Aquí entró a tallar mi madre. Me comentó, con la parsimonia que le han otorgado los años, que llevar ese nombre no era nada del otro mundo. Y para muestra, un botón, de esos antiguos, de hueso y abolengo. En el trabajo de mi padre, una conocida empresa de transportes, hoy desaparecida, estaba a cargo de dos jóvenes arrogantes –uno más que el otro- que trataban a sus empleados como si fuesen sus lacayos, denostándolos y obligándolos a realizar faenas ociosas, o encaramándolos en puestos rimbombantes para humillar al destituido. Ocurrencias que el más truhán de los dos celebraba a mandíbula batiente.

Mi padre, hombre laborioso y poco dado a entrar en rencillas, pasaba casi desapercibido en dicho taller, pero, sin ser un real protagonista de los hechos, era testigo privilegiado de cada suceso. Una tarde apareció un muchacho desgarbado, de apariencia que lo emparentaba con cierta gente del sur, un campesino de tomo y lomo, lo que fue ratificado por los burlescos jefes en cuanto el hombre abrió la boca. Dijo llamarse Juan González, nombre y apellido muy comunes, por lo que el jefe más burlón optó por rebautizarlo como Margarito. El campesino, sólo atinó a sonreír, con esa bondad sin malicia de los huasitos jóvenes, intuyendo acaso que los jefes siempre tienen la palabra y si se trataba de comer, era mejor hacerlo sin discutir nada.

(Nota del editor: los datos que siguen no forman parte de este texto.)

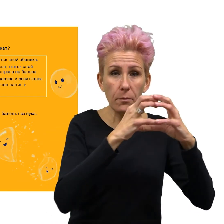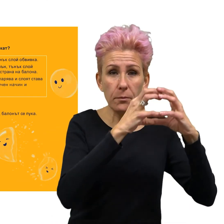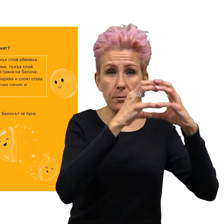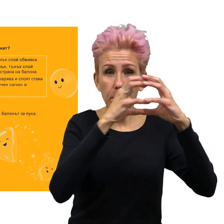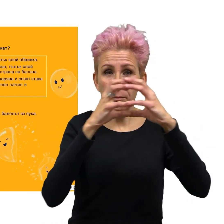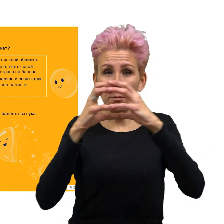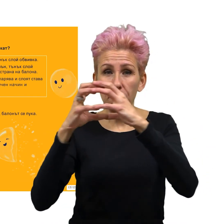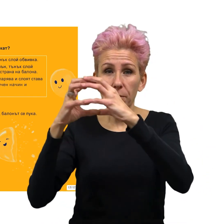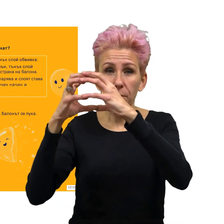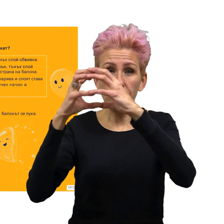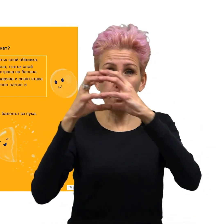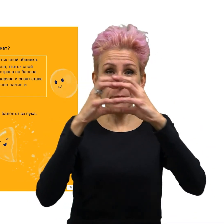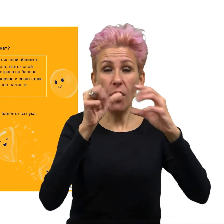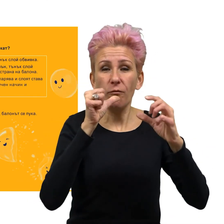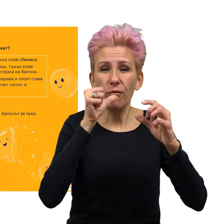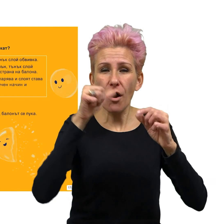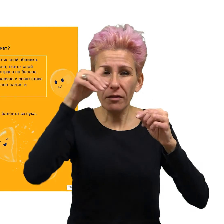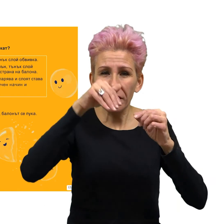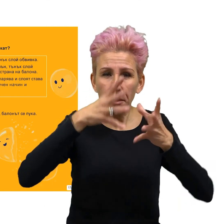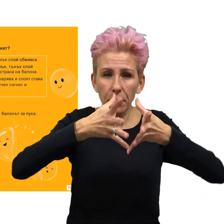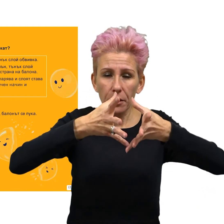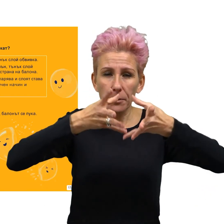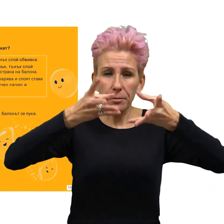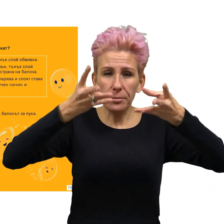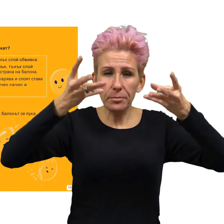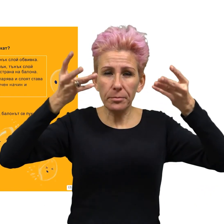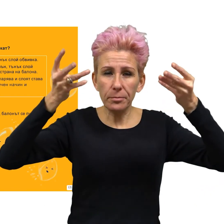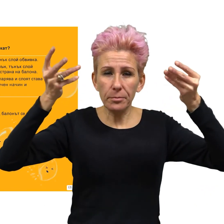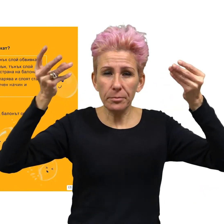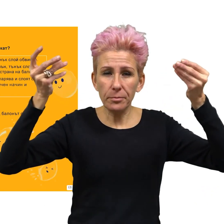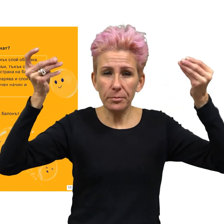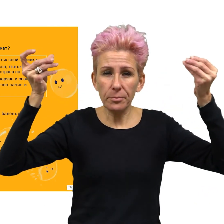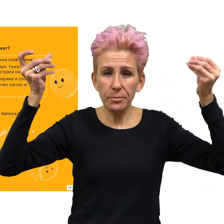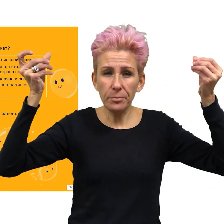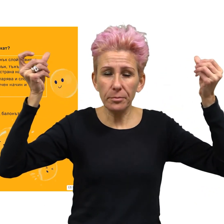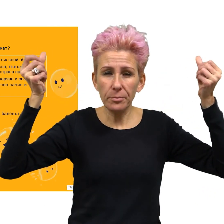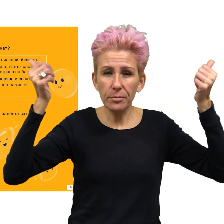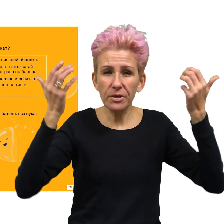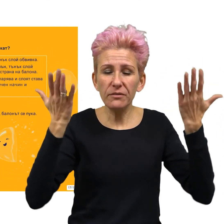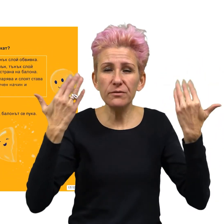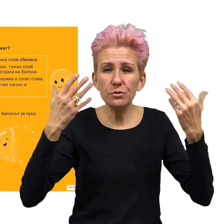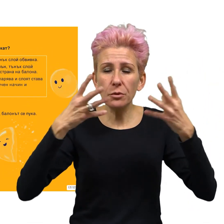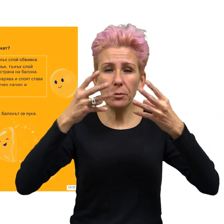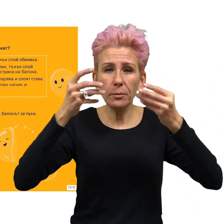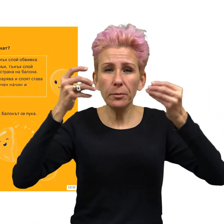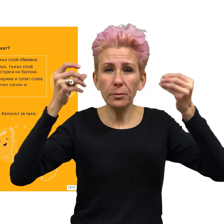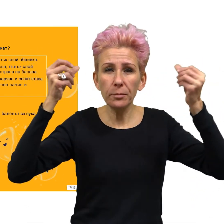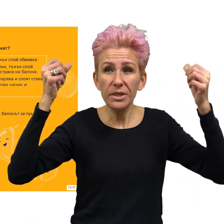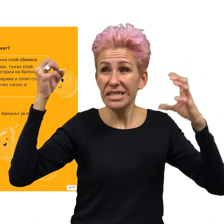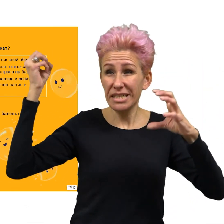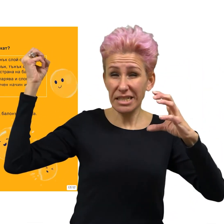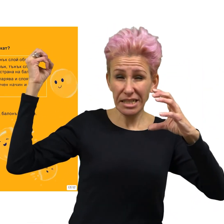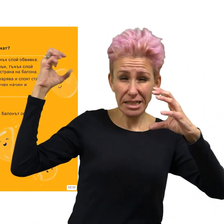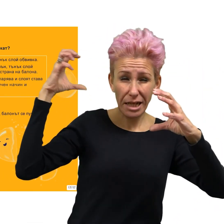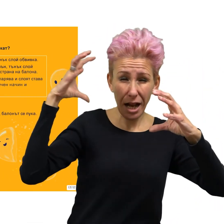Докато балонът лети, водата в обвивката се изпарява и слоят става все по-тънък.
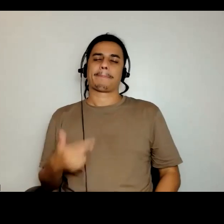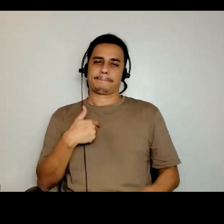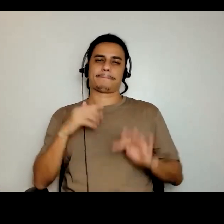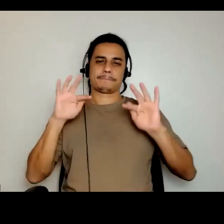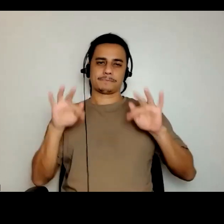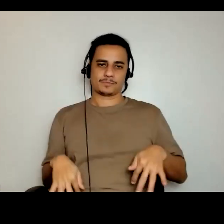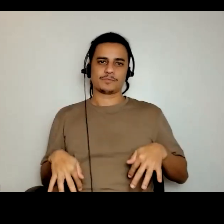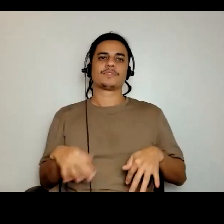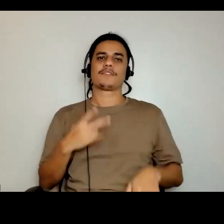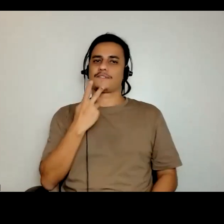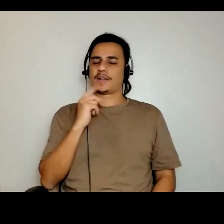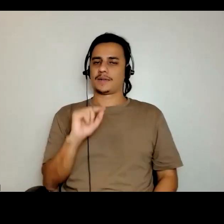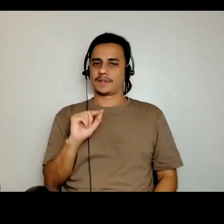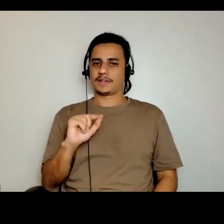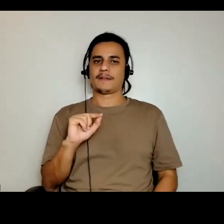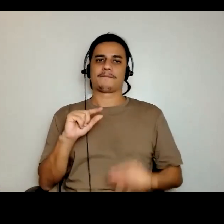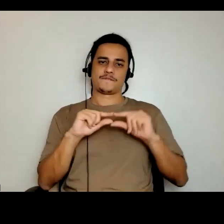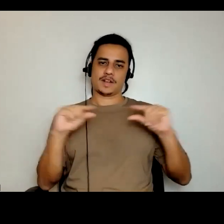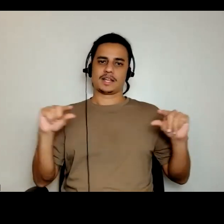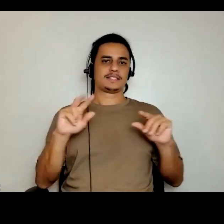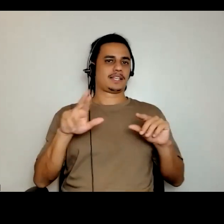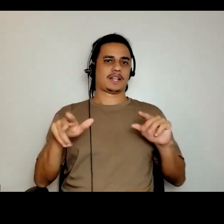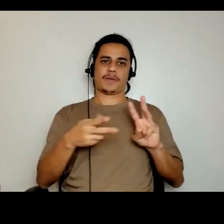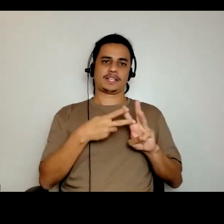maldito aqui, que não é indígena, Foucault.

Y así, Margarito para acá y Margarito para allá, el muchacho corría de un lugar a otro para cumplir con todas las labores asignadas, ya sea trapeando el piso, limpiando el interior de los buses o sirviendo para cualquier otro mandado que se les antojara a los jefes.

-¡Margarito! Anda a comprar este repuesto, ¡Margarito! Límpiame de nuevo la oficina que nadie se limpia las “patas” cuando entra.
Y el muchacho obsecuente y con una sonrisa en los labios, aguantaba las bromas de sus jefes, en el bien entendido que no había mala fe en todo eso.

Pero, una tarde cualquiera, ingresó al taller un quiltro manso de rostro simpático, buscando algo que comer. El Margarito se apresuró a llenarle un plato con comida sobrante del almuerzo y ante tan buena vianda, el perro comenzó a aquerenciarse con el lugar. La gente también se acostumbró con ese animalito tan manso, pero de ladrar ronco cuando algún otro perro se cruzaba por el portón. Quizás esa característica suya fue la que determinó que el Marcial, el jefe bribón, adoptara al can, ordenando que se le construyera una casucha a la entrada del recinto. Desde ese momento, sería el guardián del taller. Pero, el espíritu festivo del jefe se permitió otra licencia: el perro se llamaría también Margarito, para humillación del campesino y para ocasionar las risas destempladas de los otros trabajadores.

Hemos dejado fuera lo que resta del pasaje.